Postby winston » Fri Aug 19, 2011 5:14 pm

Hedge Funds Most Bearish Since 2009 By Nikolaj Gammeltoft

Bets global stocks will fall have surged at hedge funds to the highest level since July 2009 as the economic slowdown and European debt crisis spur the biggest losses in almost three years.

An index of hedge fund assets from International Strategy & Investment Group dropped to 45.8 on Aug. 16, showing the most short selling in two years, down from a 2011 high of 54.2 in February. The research company and broker-dealer surveys 35 firms with about $84 billion under management every week.

Professional investors are pessimistic after the MSCI All- Country World Index dropped 15 percent since July 22 and the Standard & Poor’s 500 Index had record swings. Equities fell yesterday after Lars Frisell, the chief economist at Sweden’s financial regulator, said it won’t take much to freeze interbank lending and data showed the U.S. economy is slowing.

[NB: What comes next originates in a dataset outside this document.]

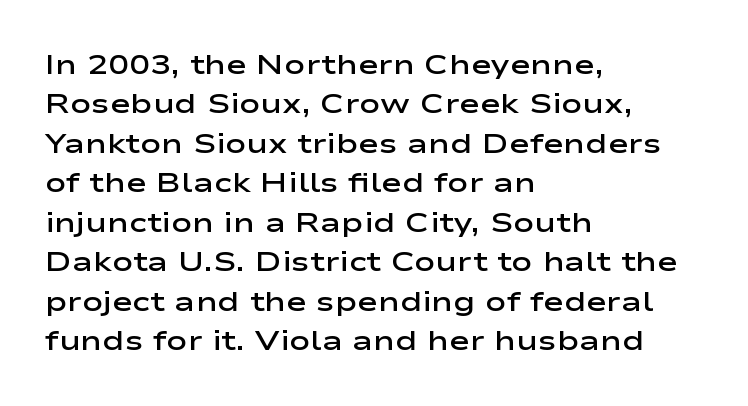
Italic: no, the glyphs are upright roman. Any mark beneath the type? The region is blank. Varying glyph widths throughout — classic text-font behaviour. Where is the straight margin? On the left. Baseline-to-baseline distance is the conventional proportion of letter height.

The index from ISI, based in New York, tracks hedge-fund investments on a zero through 100 scale. Readings of zero show “maximum” short selling, the sale of equities with the hope of profiting by buying them at lower prices later, while 100 means “maximum” bullish bets. At 50, hedge funds are deploying a “normal” allocation to short and long investments.

The ratio of bullish to bearish investments in U.S. equities has dropped to 11.7 from this year’s peak of 13.2 in May, according to New York-based Data Explorers, which provides research on short sales and stock lending. The measure sank to 6.5 in September 2008 after Lehman Brothers Holdings Inc.’s bankruptcy spurred the worst financial crisis since the 1930s.

Getting Nervous

“Hedge funds are bringing down their bullish investments,” Chris Baggini, who manages the long-short Turner Titan Fund at Berwyn, Pennsylvania-based Turner Investment Partners Inc., said in a telephone interview. His firm oversees about $18 billion. “When you are nervous you reduce your long position first, and when you’ve figured out the direction of the market, then you can start to beef up the short side.”

Profit Forecasts

Profit at S&P 500 companies is forecast to rise 17 percent to $99.08 a share in 2011 and 14 percent to $112.90 in 2012, according to average analyst estimates compiled by Bloomberg.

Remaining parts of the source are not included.